I am constructing a transition matrix from a n1 x n2 x ... x nN x nN array. For concreteness let N = 3, e.g.,

import numpy as np

# example with N = 3
n1, n2, n3 = 3, 2, 5
dim = (n1, n2, n3)
arr = np.random.random_sample(dim + (n3,))

Here arr contains transition probabilities between 2 states, where the "from"-state is indexed by the first 3 dimensions, and the "to"-state is indexed by the first 2 and the last dimension. I want to construct a transition matrix, which expresses these probabilities raveled into a sparse (n1*n2*n3) x (n1*n2*n3 matrix.

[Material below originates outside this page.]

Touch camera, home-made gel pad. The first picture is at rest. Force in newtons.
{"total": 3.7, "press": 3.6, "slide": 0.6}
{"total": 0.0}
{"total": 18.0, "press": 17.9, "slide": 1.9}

To clarify, let me provide my current approach that does what I want to do. Unfortunately, it's slow and doesn't work when N and n1, n2, ... are large. So I am looking for a more efficient way of doing the same that scales better for larger problems.

My approach

import numpy as np
from scipy import sparse as sparse

## step 1: get the index correponding to each dimension of the from and to state

# ravel axes 1 to 3 into single axis and make sparse 
spmat = sparse.coo_matrix(arr.reshape(np.prod(dim), -1))
data = spmat.data
row = spmat.row
col = spmat.col

# use unravel to get idx for 
row_unravel = np.array(np.unravel_index(row, dim))
col_unravel = np.array(np.unravel_index(col, n3))

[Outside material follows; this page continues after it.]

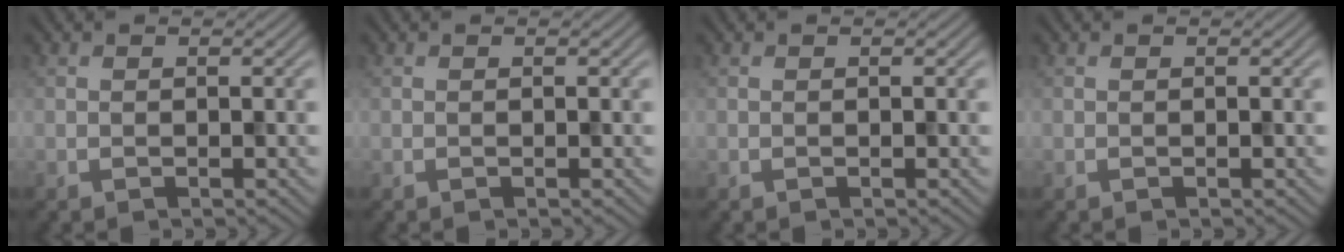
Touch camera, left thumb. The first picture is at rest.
{"total": 0.0}
{"total": 0.0}
{"total": 0.0}

## step 2: combine "to" index with rows 1 and 2 of "from"-index to get "to"-coordinates in full state space

row_unravel[-1, :] = col_unravel # first 2 dimensions of state do not change
colnew = np.ravel_multi_index(row_unravel, dim) # ravel back to 1d

## step 3: assemble transition matrix

out = sparse.coo_matrix((data, (row, colnew)), shape=(np.prod(dim), np.prod(dim)))

Final thought

I will be running this code many times. Across iterations, the data of arr may change, but the dimensions will stay the same. So one thing I could do is to save and load row and colnew from a file, skipping everything between the definition of data (line 2) and final line of my code. Do you think this would be the best approach?

Edit: One problem I see with this strategy is that if some elements of arr are zero (which is possible) then the size of data will change across iterations.


Solution

  • One approach that beats the one posted in the OP. Not sure if it's the most efficient.

    import numpy as np
    from scipy import sparse
    
    # get col and row indices
    idx = np.arange(np.prod(dim))
    row = idx.repeat(dim[-1])
    col = idx.reshape(-1, dim[-1]).repeat(dim[-1], axis=0).ravel()
    
    # get the data
    data = arr.ravel()
    
    # construct the sparse matrix
    out = sparse.coo_matrix((data, (row, col)), shape=(np.prod(dim), np.prod(dim)))
    

    Two things that could be improved:

    (1) if arr is sparse, the output matrix out will have zeros coded as nonzero.

    (2) The approach relies on the new state being the last dimension of dim. It would be nice to generalize so that the last axis of arr can replace any of the originating axis, not just the last one.